What is expected: Please print each record that follows precisely as it appears.

Data provided:
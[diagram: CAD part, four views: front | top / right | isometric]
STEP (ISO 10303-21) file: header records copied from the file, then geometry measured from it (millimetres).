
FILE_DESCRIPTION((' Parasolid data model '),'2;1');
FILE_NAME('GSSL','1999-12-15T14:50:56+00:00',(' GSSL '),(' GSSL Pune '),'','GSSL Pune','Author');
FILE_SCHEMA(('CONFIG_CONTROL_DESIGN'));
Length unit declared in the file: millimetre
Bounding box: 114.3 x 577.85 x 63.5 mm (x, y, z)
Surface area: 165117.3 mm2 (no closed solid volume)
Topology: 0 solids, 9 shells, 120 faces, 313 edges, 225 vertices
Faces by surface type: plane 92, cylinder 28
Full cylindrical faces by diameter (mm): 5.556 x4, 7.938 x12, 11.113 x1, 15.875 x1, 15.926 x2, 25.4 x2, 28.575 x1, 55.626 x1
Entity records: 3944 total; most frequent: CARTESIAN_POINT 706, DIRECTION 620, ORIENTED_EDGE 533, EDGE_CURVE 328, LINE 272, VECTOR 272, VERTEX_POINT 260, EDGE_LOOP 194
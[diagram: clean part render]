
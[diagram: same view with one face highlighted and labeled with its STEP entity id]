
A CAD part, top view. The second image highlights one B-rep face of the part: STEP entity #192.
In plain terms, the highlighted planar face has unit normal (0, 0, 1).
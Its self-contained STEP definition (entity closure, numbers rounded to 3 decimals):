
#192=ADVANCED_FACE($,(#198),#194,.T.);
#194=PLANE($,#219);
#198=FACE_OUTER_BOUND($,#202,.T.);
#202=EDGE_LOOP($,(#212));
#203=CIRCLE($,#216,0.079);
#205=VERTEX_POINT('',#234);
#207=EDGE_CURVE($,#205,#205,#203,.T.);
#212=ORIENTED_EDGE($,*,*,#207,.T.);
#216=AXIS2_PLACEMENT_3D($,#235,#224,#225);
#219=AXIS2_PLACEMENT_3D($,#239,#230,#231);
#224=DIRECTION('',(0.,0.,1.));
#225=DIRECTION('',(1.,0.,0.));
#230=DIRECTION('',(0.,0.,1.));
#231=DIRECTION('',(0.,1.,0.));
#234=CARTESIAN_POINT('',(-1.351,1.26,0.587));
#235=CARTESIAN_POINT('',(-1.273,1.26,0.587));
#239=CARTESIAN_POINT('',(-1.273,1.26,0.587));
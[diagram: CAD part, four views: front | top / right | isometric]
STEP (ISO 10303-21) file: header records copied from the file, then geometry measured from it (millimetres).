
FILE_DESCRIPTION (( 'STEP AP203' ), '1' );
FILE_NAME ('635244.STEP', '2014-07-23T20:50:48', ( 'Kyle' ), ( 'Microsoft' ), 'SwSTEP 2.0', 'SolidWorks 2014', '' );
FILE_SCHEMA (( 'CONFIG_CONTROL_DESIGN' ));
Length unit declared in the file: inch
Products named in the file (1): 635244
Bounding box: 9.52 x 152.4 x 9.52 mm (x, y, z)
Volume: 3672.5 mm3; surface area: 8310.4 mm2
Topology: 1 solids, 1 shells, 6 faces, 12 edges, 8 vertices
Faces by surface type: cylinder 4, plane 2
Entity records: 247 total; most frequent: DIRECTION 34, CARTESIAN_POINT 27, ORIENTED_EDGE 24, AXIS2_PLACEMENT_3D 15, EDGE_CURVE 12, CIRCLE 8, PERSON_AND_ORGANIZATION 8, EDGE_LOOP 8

Exercise result:
[diagram: CAD part, four views: front | top / right | isometric]
STEP (ISO 10303-21) file: header records copied from the file, then geometry measured from it (millimetres).
FILE_DESCRIPTION((' Parasolid data model '),'2;1');
FILE_NAME('GSSL','1999-12-15T14:50:56+00:00',(' GSSL '),(' GSSL Pune '),'','GSSL Pune','Author');
FILE_SCHEMA(('CONFIG_CONTROL_DESIGN'));
Length unit declared in the file: millimetre
Bounding box: 114.3 x 577.85 x 63.5 mm (x, y, z)
Surface area: 165117.3 mm2 (no closed solid volume)
Topology: 0 solids, 9 shells, 120 faces, 313 edges, 225 vertices
Faces by surface type: plane 92, cylinder 28
Full cylindrical faces by diameter (mm): 5.556 x4, 7.938 x12, 11.113 x1, 15.875 x1, 15.926 x2, 25.4 x2, 28.575 x1, 55.626 x1
Entity records: 3944 total; most frequent: CARTESIAN_POINT 706, DIRECTION 620, ORIENTED_EDGE 533, EDGE_CURVE 328, LINE 272, VECTOR 272, VERTEX_POINT 260, EDGE_LOOP 194
[diagram: clean part render]
[diagram: same view with one face highlighted and labeled with its STEP entity id]
A CAD part, top view. The second image highlights one B-rep face of the part: STEP entity #192.
In plain terms, the highlighted planar face has unit normal (0, 0, 1).
Its self-contained STEP definition (entity closure, numbers rounded to 3 decimals):
#192=ADVANCED_FACE($,(#198),#194,.T.);
#194=PLANE($,#219);
#198=FACE_OUTER_BOUND($,#202,.T.);
#202=EDGE_LOOP($,(#212));
#203=CIRCLE($,#216,0.079);
#205=VERTEX_POINT('',#234);
#207=EDGE_CURVE($,#205,#205,#203,.T.);
#212=ORIENTED_EDGE($,*,*,#207,.T.);
#216=AXIS2_PLACEMENT_3D($,#235,#224,#225);
#219=AXIS2_PLACEMENT_3D($,#239,#230,#231);
#224=DIRECTION('',(0.,0.,1.));
#225=DIRECTION('',(1.,0.,0.));
#230=DIRECTION('',(0.,0.,1.));
#231=DIRECTION('',(0.,1.,0.));
#234=CARTESIAN_POINT('',(-1.351,1.26,0.587));
#235=CARTESIAN_POINT('',(-1.273,1.26,0.587));
#239=CARTESIAN_POINT('',(-1.273,1.26,0.587));
[diagram: CAD part, four views: front | top / right | isometric]
STEP (ISO 10303-21) file: header records copied from the file, then geometry measured from it (millimetres).
FILE_DESCRIPTION (( 'STEP AP203' ), '1' );
FILE_NAME ('635244.STEP', '2014-07-23T20:50:48', ( 'Kyle' ), ( 'Microsoft' ), 'SwSTEP 2.0', 'SolidWorks 2014', '' );
FILE_SCHEMA (( 'CONFIG_CONTROL_DESIGN' ));
Length unit declared in the file: inch
Products named in the file (1): 635244
Bounding box: 9.52 x 152.4 x 9.52 mm (x, y, z)
Volume: 3672.5 mm3; surface area: 8310.4 mm2
Topology: 1 solids, 1 shells, 6 faces, 12 edges, 8 vertices
Faces by surface type: cylinder 4, plane 2
Entity records: 247 total; most frequent: DIRECTION 34, CARTESIAN_POINT 27, ORIENTED_EDGE 24, AXIS2_PLACEMENT_3D 15, EDGE_CURVE 12, CIRCLE 8, PERSON_AND_ORGANIZATION 8, EDGE_LOOP 8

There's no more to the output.